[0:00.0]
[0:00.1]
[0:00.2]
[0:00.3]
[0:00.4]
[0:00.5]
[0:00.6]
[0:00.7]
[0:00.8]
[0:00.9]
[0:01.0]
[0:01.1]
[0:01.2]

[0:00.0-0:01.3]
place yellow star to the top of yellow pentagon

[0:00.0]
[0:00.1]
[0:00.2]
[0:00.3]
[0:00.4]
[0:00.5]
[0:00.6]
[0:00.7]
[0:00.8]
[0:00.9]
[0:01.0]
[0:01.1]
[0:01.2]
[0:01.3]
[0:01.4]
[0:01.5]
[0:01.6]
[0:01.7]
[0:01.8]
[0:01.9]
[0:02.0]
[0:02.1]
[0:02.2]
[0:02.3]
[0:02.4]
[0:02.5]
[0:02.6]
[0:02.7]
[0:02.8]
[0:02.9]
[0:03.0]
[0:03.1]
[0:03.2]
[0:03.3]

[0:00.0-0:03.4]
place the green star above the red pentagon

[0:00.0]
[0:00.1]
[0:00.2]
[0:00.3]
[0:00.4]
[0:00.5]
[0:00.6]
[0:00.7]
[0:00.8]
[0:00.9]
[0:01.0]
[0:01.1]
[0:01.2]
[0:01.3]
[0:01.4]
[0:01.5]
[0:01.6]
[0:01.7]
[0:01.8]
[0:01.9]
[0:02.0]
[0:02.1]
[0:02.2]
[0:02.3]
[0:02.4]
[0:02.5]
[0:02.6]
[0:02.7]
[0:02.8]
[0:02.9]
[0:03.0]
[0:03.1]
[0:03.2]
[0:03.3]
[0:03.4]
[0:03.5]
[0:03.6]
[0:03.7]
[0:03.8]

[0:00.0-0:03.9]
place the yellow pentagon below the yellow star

▶ [Problem] Restate each entry word for word.

▶ [Output of the task]
[0:00.0]
[0:00.1]
[0:00.2]
[0:00.3]
[0:00.4]
[0:00.5]
[0:00.6]
[0:00.7]
[0:00.8]
[0:00.9]
[0:01.0]
[0:01.1]
[0:01.2]

[0:00.0-0:01.3]
place yellow star to the top of yellow pentagon

[0:00.0]
[0:00.1]
[0:00.2]
[0:00.3]
[0:00.4]
[0:00.5]
[0:00.6]
[0:00.7]
[0:00.8]
[0:00.9]
[0:01.0]
[0:01.1]
[0:01.2]
[0:01.3]
[0:01.4]
[0:01.5]
[0:01.6]
[0:01.7]
[0:01.8]
[0:01.9]
[0:02.0]
[0:02.1]
[0:02.2]
[0:02.3]
[0:02.4]
[0:02.5]
[0:02.6]
[0:02.7]
[0:02.8]
[0:02.9]
[0:03.0]
[0:03.1]
[0:03.2]
[0:03.3]

[0:00.0-0:03.4]
place the green star above the red pentagon

[0:00.0]
[0:00.1]
[0:00.2]
[0:00.3]
[0:00.4]
[0:00.5]
[0:00.6]
[0:00.7]
[0:00.8]
[0:00.9]
[0:01.0]
[0:01.1]
[0:01.2]
[0:01.3]
[0:01.4]
[0:01.5]
[0:01.6]
[0:01.7]
[0:01.8]
[0:01.9]
[0:02.0]
[0:02.1]
[0:02.2]
[0:02.3]
[0:02.4]
[0:02.5]
[0:02.6]
[0:02.7]
[0:02.8]
[0:02.9]
[0:03.0]
[0:03.1]
[0:03.2]
[0:03.3]
[0:03.4]
[0:03.5]
[0:03.6]
[0:03.7]
[0:03.8]

[0:00.0-0:03.9]
place the yellow pentagon below the yellow star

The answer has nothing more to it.